*** Record excerpts ***

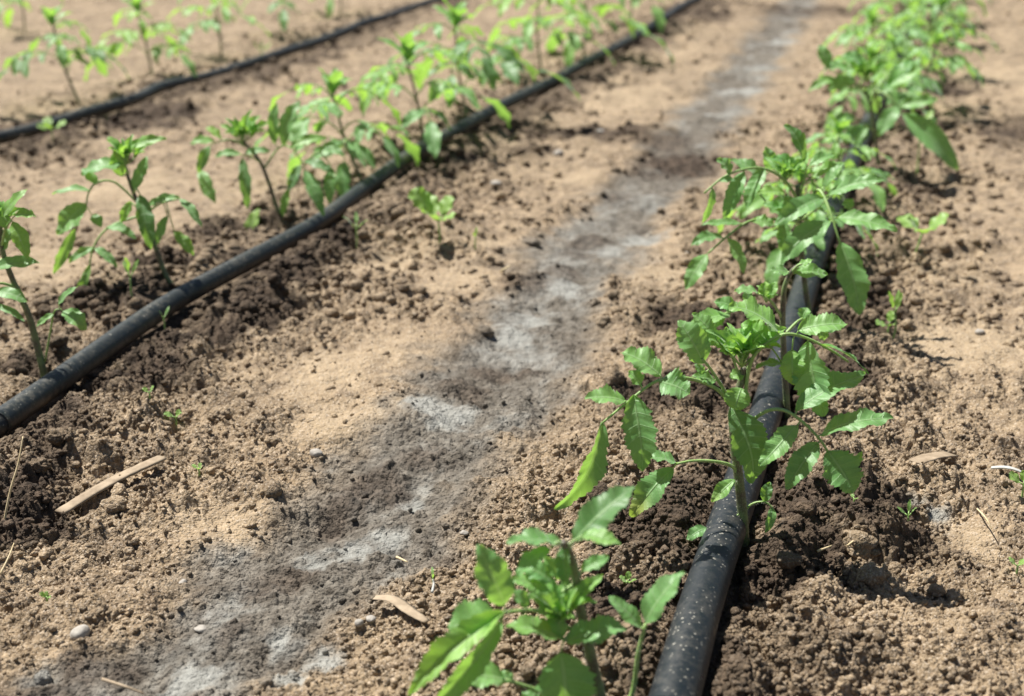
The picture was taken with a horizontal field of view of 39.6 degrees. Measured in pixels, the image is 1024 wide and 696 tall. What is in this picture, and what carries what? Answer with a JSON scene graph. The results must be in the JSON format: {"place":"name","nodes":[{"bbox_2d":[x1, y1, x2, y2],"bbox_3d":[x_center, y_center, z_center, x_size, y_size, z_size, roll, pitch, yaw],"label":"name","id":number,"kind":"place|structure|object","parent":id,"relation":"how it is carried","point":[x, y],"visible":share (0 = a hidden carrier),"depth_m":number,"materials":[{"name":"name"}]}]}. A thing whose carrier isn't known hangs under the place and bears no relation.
{"place":"outdoors","nodes":[
{"label":"outdoors","id":0,"kind":"place"},
{"bbox_2d":[0,0,1023,695],"bbox_3d":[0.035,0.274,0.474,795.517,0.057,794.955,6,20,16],"label":"ground","id":1,"kind":"structure","parent":0,"point":[620,242],"depth_m":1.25,"materials":[{"name":"soil"}]},
{"bbox_2d":[0,543,13,574],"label":"straw","id":2,"kind":"object","parent":1,"relation":"on","point":[3,567],"visible":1,"depth_m":0.87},
{"bbox_2d":[4,436,23,518],"bbox_3d":[-0.325,0.090,0.925,0.004,0.057,0.033,6,20,16],"label":"straw","id":3,"kind":"object","parent":1,"relation":"on","point":[8,499],"visible":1,"depth_m":0.92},
{"bbox_2d":[0,0,63,33],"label":"tomato seedling","id":4,"kind":"object","parent":1,"relation":"on","point":[9,12],"visible":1,"depth_m":3.58,"materials":[{"name":"green plant"}]},
{"bbox_2d":[28,457,51,473],"bbox_3d":[-0.333,0.083,0.999,0.018,0.011,0.014,6,20,16],"label":"soil clod","id":5,"kind":"object","parent":1,"relation":"on","point":[42,465],"visible":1,"depth_m":1.00,"materials":[{"name":"brown soil"}]},
{"bbox_2d":[33,670,52,684],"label":"pebble","id":6,"kind":"object","parent":1,"relation":"on","point":[42,677],"visible":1,"depth_m":0.78,"materials":[{"name":"grey stone"}]},
{"bbox_2d":[0,189,86,377],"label":"tomato seedling","id":7,"kind":"object","parent":1,"relation":"on","point":[17,234],"visible":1,"depth_m":1.15,"materials":[{"name":"green plant"}]},
{"bbox_2d":[39,591,50,601],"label":"weed sprout","id":8,"kind":"object","parent":1,"relation":"on","point":[43,594],"visible":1,"depth_m":0.85,"materials":[{"name":"green plant"}]},
{"bbox_2d":[37,117,65,142],"bbox_3d":[-0.695,-0.325,2.141,0.045,0.039,0.034,11,22,29],"label":"weed sprout","id":9,"kind":"object","parent":1,"relation":"on","point":[47,122],"visible":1,"depth_m":2.14,"materials":[{"name":"green plant"}]},
{"bbox_2d":[45,428,67,445],"bbox_3d":[-0.331,0.065,1.039,0.020,0.014,0.014,6,20,16],"label":"soil clod","id":10,"kind":"object","parent":1,"relation":"on","point":[55,436],"visible":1,"depth_m":1.03,"materials":[{"name":"brown soil"}]},
{"bbox_2d":[0,4,128,104],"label":"tomato seedling","id":11,"kind":"object","parent":1,"relation":"on","point":[95,54],"visible":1,"depth_m":2.44,"materials":[{"name":"green plant"}]},
{"bbox_2d":[70,624,89,639],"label":"pebble","id":12,"kind":"object","parent":1,"relation":"on","point":[82,631],"visible":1,"depth_m":0.81,"materials":[{"name":"white stone"}]},
{"bbox_2d":[55,455,166,514],"bbox_3d":[-0.276,0.094,0.983,0.011,0.007,0.097,11,22,28],"label":"dry stick","id":13,"kind":"object","parent":1,"relation":"on","point":[79,500],"visible":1,"depth_m":0.98,"materials":[{"name":"brown wood"}]},
{"bbox_2d":[100,495,127,513],"bbox_3d":[-0.267,0.105,0.955,0.018,0.011,0.018,-18,26,-42],"label":"soil clod","id":14,"kind":"object","parent":1,"relation":"on","point":[115,504],"visible":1,"depth_m":0.95,"materials":[{"name":"brown soil"}]},
{"bbox_2d":[107,375,135,387],"bbox_3d":[-0.314,0.034,1.148,0.026,0.025,0.029,6,20,16],"label":"soil clod","id":15,"kind":"object","parent":1,"relation":"on","point":[116,381],"visible":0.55,"depth_m":1.14,"materials":[{"name":"brown soil"}]},
{"bbox_2d":[101,677,143,693],"bbox_3d":[-0.203,0.176,0.742,0.028,0.004,0.007,6,20,16],"label":"straw","id":16,"kind":"object","parent":1,"relation":"on","point":[115,683],"visible":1,"depth_m":0.74,"materials":[{"name":"beige plant"}]},
{"bbox_2d":[52,134,201,285],"bbox_3d":[-0.373,-0.127,1.392,0.150,0.161,0.068,2,19,5],"label":"tomato seedling","id":17,"kind":"object","parent":1,"relation":"on","point":[72,214],"visible":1,"depth_m":1.38,"materials":[{"name":"green plant"}]},
{"bbox_2d":[123,257,138,296],"bbox_3d":[-0.367,-0.069,1.357,0.017,0.043,0.020,6,20,16],"label":"weed sprout","id":18,"kind":"object","parent":1,"relation":"on","point":[126,263],"visible":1,"depth_m":1.36,"materials":[{"name":"green plant"}]},
{"bbox_2d":[84,0,195,80],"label":"tomato seedling","id":19,"kind":"object","parent":1,"relation":"on","point":[128,37],"visible":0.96,"depth_m":2.74,"materials":[{"name":"green plant"}]},
{"bbox_2d":[142,386,153,399],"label":"weed sprout","id":20,"kind":"object","parent":1,"relation":"on","point":[145,389],"visible":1,"depth_m":1.09,"materials":[{"name":"green plant"}]},
{"bbox_2d":[160,306,168,329],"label":"weed sprout","id":21,"kind":"object","parent":1,"relation":"on","point":[166,311],"visible":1,"depth_m":1.30,"materials":[{"name":"green plant"}]},
{"bbox_2d":[164,409,181,426],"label":"weed sprout","id":22,"kind":"object","parent":1,"relation":"on","point":[169,414],"visible":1,"depth_m":1.10,"materials":[{"name":"green plant"}]},
{"bbox_2d":[191,462,201,475],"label":"weed sprout","id":23,"kind":"object","parent":1,"relation":"on","point":[195,466],"visible":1,"depth_m":1.01,"materials":[{"name":"green plant"}]},
{"bbox_2d":[194,625,206,632],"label":"pebble","id":24,"kind":"object","parent":1,"relation":"on","point":[200,628],"visible":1,"depth_m":0.83,"materials":[{"name":"white stone"}]},
{"bbox_2d":[167,0,270,55],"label":"tomato seedling","id":25,"kind":"object","parent":1,"relation":"on","point":[213,23],"visible":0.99,"depth_m":3.04,"materials":[{"name":"green plant"}]},
{"bbox_2d":[207,406,232,423],"bbox_3d":[-0.230,0.053,1.117,0.021,0.013,0.022,6,20,16],"label":"soil clod","id":26,"kind":"object","parent":1,"relation":"on","point":[218,413],"visible":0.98,"depth_m":1.11,"materials":[{"name":"brown soil"}]},
{"bbox_2d":[0,0,443,143],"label":"drip pipe","id":27,"kind":"object","parent":1,"relation":"on","point":[71,117],"visible":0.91,"depth_m":2.68,"materials":[{"name":"plastic"}]},
{"bbox_2d":[253,42,270,65],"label":"weed sprout","id":28,"kind":"object","parent":1,"relation":"on","point":[261,46],"visible":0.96,"depth_m":2.96,"materials":[{"name":"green plant"}]},
{"bbox_2d":[190,100,344,229],"bbox_3d":[-0.281,-0.203,1.650,0.182,0.159,0.074,1,19,4],"label":"tomato seedling","id":29,"kind":"object","parent":1,"relation":"on","point":[245,125],"visible":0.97,"depth_m":1.64,"materials":[{"name":"green plant"}]},
{"bbox_2d":[240,0,314,30],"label":"tomato seedling","id":30,"kind":"object","parent":1,"relation":"on","point":[283,17],"visible":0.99,"depth_m":3.34,"materials":[{"name":"green plant"}]},
{"bbox_2d":[310,448,322,456],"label":"pebble","id":31,"kind":"object","parent":1,"relation":"on","point":[315,452],"visible":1,"depth_m":1.06,"materials":[{"name":"white stone"}]},
{"bbox_2d":[309,0,341,18],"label":"tomato seedling","id":32,"kind":"object","parent":1,"relation":"on","point":[329,6],"visible":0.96,"depth_m":3.74,"materials":[{"name":"green plant"}]},
{"bbox_2d":[250,68,419,196],"bbox_3d":[-0.234,-0.288,1.889,0.207,0.168,0.231,6,20,16],"label":"tomato seedling","id":33,"kind":"object","parent":1,"relation":"on","point":[333,81],"visible":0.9,"depth_m":1.86,"materials":[{"name":"green plant"}]},
{"bbox_2d":[0,0,699,436],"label":"drip pipe","id":34,"kind":"object","parent":1,"relation":"on","point":[48,388],"visible":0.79,"depth_m":1.45,"materials":[{"name":"plastic"}]},
{"bbox_2d":[342,212,366,248],"bbox_3d":[-0.166,-0.127,1.549,0.025,0.041,0.033,6,20,16],"label":"weed sprout","id":35,"kind":"object","parent":1,"relation":"on","point":[356,219],"visible":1,"depth_m":1.56,"materials":[{"name":"green plant"}]},
{"bbox_2d":[354,619,363,626],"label":"pebble","id":36,"kind":"object","parent":1,"relation":"on","point":[358,622],"visible":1,"depth_m":0.83,"materials":[{"name":"white stone"}]},
{"bbox_2d":[366,615,375,621],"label":"pebble","id":37,"kind":"object","parent":1,"relation":"on","point":[370,618],"visible":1,"depth_m":0.83,"materials":[{"name":"white stone"}]},
{"bbox_2d":[372,594,428,622],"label":"dry leaf","id":38,"kind":"object","parent":1,"relation":"on","point":[402,605],"visible":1,"depth_m":0.84,"materials":[{"name":"beige plant"}]},
{"bbox_2d":[327,29,510,157],"bbox_3d":[-0.139,-0.372,2.077,0.224,0.187,0.275,6,20,16],"label":"tomato seedling","id":39,"kind":"object","parent":1,"relation":"on","point":[385,84],"visible":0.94,"depth_m":2.04,"materials":[{"name":"green plant"}]},
{"bbox_2d":[408,187,455,242],"bbox_3d":[-0.086,-0.142,1.582,0.049,0.071,0.061,-12,22,-30],"label":"weed sprout","id":40,"kind":"object","parent":1,"relation":"on","point":[424,201],"visible":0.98,"depth_m":1.58,"materials":[{"name":"green plant"}]},
{"bbox_2d":[431,579,434,592],"bbox_3d":[-0.047,0.143,0.853,0.004,0.005,0.010,6,20,16],"label":"straw","id":41,"kind":"object","parent":1,"relation":"on","point":[432,589],"visible":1,"depth_m":0.85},
{"bbox_2d":[460,530,468,535],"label":"pebble","id":42,"kind":"object","parent":1,"relation":"on","point":[464,532],"visible":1,"depth_m":0.93,"materials":[{"name":"beige stone"}]},
{"bbox_2d":[473,227,476,249],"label":"weed sprout","id":43,"kind":"object","parent":1,"relation":"on","point":[475,233],"visible":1,"depth_m":1.55,"materials":[{"name":"green plant"}]},
{"bbox_2d":[387,0,580,117],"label":"tomato seedling","id":44,"kind":"object","parent":1,"relation":"on","point":[511,65],"visible":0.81,"depth_m":2.26,"materials":[{"name":"green plant"}]},
{"bbox_2d":[473,55,503,65],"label":"weed sprout","id":45,"kind":"object","parent":1,"relation":"on","point":[478,62],"visible":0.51,"depth_m":2.71,"materials":[{"name":"green plant"}]},
{"bbox_2d":[490,180,501,185],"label":"pebble","id":46,"kind":"object","parent":1,"relation":"on","point":[496,183],"visible":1,"depth_m":1.87,"materials":[{"name":"beige stone"}]},
{"bbox_2d":[494,465,507,474],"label":"soil clod","id":47,"kind":"object","parent":1,"relation":"on","point":[500,469],"visible":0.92,"depth_m":1.03,"materials":[{"name":"brown soil"}]},
{"bbox_2d":[522,237,540,246],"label":"soil clod","id":48,"kind":"object","parent":1,"relation":"on","point":[531,241],"visible":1,"depth_m":1.61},
{"bbox_2d":[470,0,614,87],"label":"tomato seedling","id":49,"kind":"object","parent":1,"relation":"on","point":[528,31],"visible":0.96,"depth_m":2.72,"materials":[{"name":"green plant"}]},
{"bbox_2d":[408,485,685,695],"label":"tomato seedling","id":50,"kind":"object","parent":1,"relation":"on","point":[470,624],"visible":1,"depth_m":0.68,"materials":[{"name":"green plant"}]},
{"bbox_2d":[554,150,563,156],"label":"pebble","id":51,"kind":"object","parent":1,"relation":"on","point":[557,153],"visible":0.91,"depth_m":2.09,"materials":[{"name":"beige stone"}]},
{"bbox_2d":[580,549,607,569],"bbox_3d":[0.051,0.133,0.888,0.018,0.013,0.013,6,20,16],"label":"soil clod","id":52,"kind":"object","parent":1,"relation":"on","point":[586,555],"visible":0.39,"depth_m":0.89,"materials":[{"name":"brown soil"}]},
{"bbox_2d":[528,0,673,67],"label":"tomato seedling","id":53,"kind":"object","parent":1,"relation":"on","point":[552,43],"visible":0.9,"depth_m":3.00,"materials":[{"name":"green plant"}]},
{"bbox_2d":[619,571,636,583],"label":"weed sprout","id":54,"kind":"object","parent":1,"relation":"on","point":[628,574],"visible":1,"depth_m":0.86,"materials":[{"name":"green plant"}]},
{"bbox_2d":[630,0,671,32],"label":"tomato seedling","id":55,"kind":"object","parent":1,"relation":"on","point":[658,15],"visible":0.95,"depth_m":3.40,"materials":[{"name":"green plant"}]},
{"bbox_2d":[554,295,893,548],"bbox_3d":[0.126,0.055,0.875,0.206,0.168,0.073,-1,19,-3],"label":"tomato seedling","id":56,"kind":"object","parent":1,"relation":"on","point":[805,370],"visible":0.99,"depth_m":0.86,"materials":[{"name":"green plant"}]},
{"bbox_2d":[691,258,834,419],"bbox_3d":[0.195,-0.004,1.101,0.116,0.137,0.041,1,19,4],"label":"tomato seedling","id":57,"kind":"object","parent":1,"relation":"on","point":[768,291],"visible":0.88,"depth_m":1.09,"materials":[{"name":"green plant"}]},
{"bbox_2d":[648,18,909,695],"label":"drip pipe","id":58,"kind":"object","parent":1,"relation":"on","point":[683,664],"visible":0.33,"depth_m":0.86,"materials":[{"name":"plastic"}]},
{"bbox_2d":[776,550,802,569],"bbox_3d":[0.171,0.130,0.873,0.017,0.010,0.016,6,20,16],"label":"soil clod","id":59,"kind":"object","parent":1,"relation":"on","point":[789,559],"visible":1,"depth_m":0.87,"materials":[{"name":"brown soil"}]},
{"bbox_2d":[684,124,896,314],"bbox_3d":[0.251,-0.104,1.285,0.180,0.193,0.124,3,19,10],"label":"tomato seedling","id":60,"kind":"object","parent":1,"relation":"on","point":[852,278],"visible":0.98,"depth_m":1.25,"materials":[{"name":"green plant"}]},
{"bbox_2d":[717,150,878,283],"bbox_3d":[0.308,-0.145,1.504,0.168,0.132,0.152,-7,20,-20],"label":"tomato seedling","id":61,"kind":"object","parent":1,"relation":"on","point":[772,260],"visible":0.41,"depth_m":1.49,"materials":[{"name":"green plant"}]},
{"bbox_2d":[817,545,831,551],"bbox_3d":[0.195,0.125,0.887,0.009,0.003,0.008,6,20,16],"label":"straw","id":62,"kind":"object","parent":1,"relation":"on","point":[821,549],"visible":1,"depth_m":0.89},
{"bbox_2d":[774,113,897,212],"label":"tomato seedling","id":63,"kind":"object","parent":1,"relation":"on","point":[842,124],"visible":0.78,"depth_m":1.72,"materials":[{"name":"green plant"}]},
{"bbox_2d":[862,353,878,363],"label":"soil clod","id":64,"kind":"object","parent":1,"relation":"on","point":[869,358],"visible":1,"depth_m":1.20,"materials":[{"name":"brown soil"}]},
{"bbox_2d":[856,561,889,588],"bbox_3d":[0.221,0.141,0.874,0.020,0.016,0.026,6,20,16],"label":"soil clod","id":65,"kind":"object","parent":1,"relation":"on","point":[871,574],"visible":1,"depth_m":0.87,"materials":[{"name":"brown soil"}]},
{"bbox_2d":[819,40,936,135],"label":"tomato seedling","id":66,"kind":"object","parent":1,"relation":"on","point":[894,94],"visible":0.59,"depth_m":2.19,"materials":[{"name":"green plant"}]},
{"bbox_2d":[808,45,958,169],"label":"tomato seedling","id":67,"kind":"object","parent":1,"relation":"on","point":[930,135],"visible":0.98,"depth_m":1.91,"materials":[{"name":"green plant"}]},
{"bbox_2d":[823,3,943,87],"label":"tomato seedling","id":68,"kind":"object","parent":1,"relation":"on","point":[849,33],"visible":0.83,"depth_m":2.62,"materials":[{"name":"green plant"}]},
{"bbox_2d":[875,311,894,333],"bbox_3d":[0.338,-0.021,1.288,0.018,0.024,0.017,6,20,16],"label":"weed sprout","id":69,"kind":"object","parent":1,"relation":"on","point":[890,316],"visible":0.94,"depth_m":1.29,"materials":[{"name":"green plant"}]},
{"bbox_2d":[844,0,931,58],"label":"tomato seedling","id":70,"kind":"object","parent":1,"relation":"on","point":[886,8],"visible":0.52,"depth_m":3.06,"materials":[{"name":"green plant"}]},
{"bbox_2d":[888,290,902,338],"bbox_3d":[0.341,-0.031,1.271,0.014,0.048,0.020,6,20,16],"label":"weed sprout","id":71,"kind":"object","parent":1,"relation":"on","point":[898,299],"visible":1,"depth_m":1.26,"materials":[{"name":"green plant"}]},
{"bbox_2d":[853,0,947,23],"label":"tomato seedling","id":72,"kind":"object","parent":1,"relation":"on","point":[945,12],"visible":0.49,"depth_m":3.53,"materials":[{"name":"green plant"}]},
{"bbox_2d":[897,500,915,520],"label":"weed sprout","id":73,"kind":"object","parent":1,"relation":"on","point":[908,507],"visible":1,"depth_m":0.93,"materials":[{"name":"green plant"}]},
{"bbox_2d":[911,108,932,173],"bbox_3d":[0.560,-0.285,1.953,0.025,0.096,0.062,8,21,21],"label":"weed sprout","id":74,"kind":"object","parent":1,"relation":"on","point":[929,115],"visible":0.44,"depth_m":1.96,"materials":[{"name":"green plant"}]},
{"bbox_2d":[860,22,984,112],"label":"tomato seedling","id":75,"kind":"object","parent":1,"relation":"on","point":[938,37],"visible":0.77,"depth_m":2.37,"materials":[{"name":"green plant"}]},
{"bbox_2d":[897,212,948,252],"bbox_3d":[0.436,-0.120,1.539,0.044,0.055,0.061,-16,25,-39],"label":"weed sprout","id":76,"kind":"object","parent":1,"relation":"on","point":[909,220],"visible":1,"depth_m":1.53,"materials":[{"name":"green plant"}]},
{"bbox_2d":[909,451,957,463],"bbox_3d":[0.301,0.079,1.014,0.045,0.009,0.013,-15,24,-37],"label":"wood chip","id":77,"kind":"object","parent":1,"relation":"on","point":[926,457],"visible":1,"depth_m":1.01,"materials":[{"name":"beige wood"}]},
{"bbox_2d":[883,0,986,40],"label":"tomato seedling","id":78,"kind":"object","parent":1,"relation":"on","point":[935,7],"visible":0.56,"depth_m":3.17,"materials":[{"name":"green plant"}]},
{"bbox_2d":[881,0,998,65],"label":"tomato seedling","id":79,"kind":"object","parent":1,"relation":"on","point":[958,30],"visible":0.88,"depth_m":2.77,"materials":[{"name":"green plant"}]},
{"bbox_2d":[893,0,991,26],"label":"tomato seedling","id":80,"kind":"object","parent":1,"relation":"on","point":[960,18],"visible":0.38,"depth_m":3.58,"materials":[{"name":"green plant"}]},
{"bbox_2d":[936,544,951,558],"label":"soil clod","id":81,"kind":"object","parent":1,"relation":"on","point":[940,548],"visible":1,"depth_m":0.92,"materials":[{"name":"brown soil"}]},
{"bbox_2d":[975,329,984,334],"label":"pebble","id":82,"kind":"object","parent":1,"relation":"on","point":[979,331],"visible":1,"depth_m":1.32,"materials":[{"name":"beige stone"}]},
{"bbox_2d":[976,508,991,528],"bbox_3d":[0.311,0.111,0.938,0.010,0.005,0.030,6,20,16],"label":"straw","id":83,"kind":"object","parent":1,"relation":"on","point":[984,516],"visible":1,"depth_m":0.93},
{"bbox_2d":[991,465,1020,472],"bbox_3d":[0.347,0.085,0.997,0.022,0.004,0.006,6,20,16],"label":"straw","id":84,"kind":"object","parent":1,"relation":"on","point":[1006,467],"visible":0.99,"depth_m":1.00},
{"bbox_2d":[1009,470,1023,496],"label":"weed sprout","id":85,"kind":"object","parent":1,"relation":"on","point":[1013,476],"visible":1,"depth_m":0.97,"materials":[{"name":"green plant"}]},
{"bbox_2d":[1009,557,1023,574],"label":"weed sprout","id":86,"kind":"object","parent":1,"relation":"on","point":[1021,561],"visible":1,"depth_m":0.88,"materials":[{"name":"green plant"}]}
]}

***

About this exercise => Count the lines in the records above that hold the word "drip", and give only that number.

Response box => 3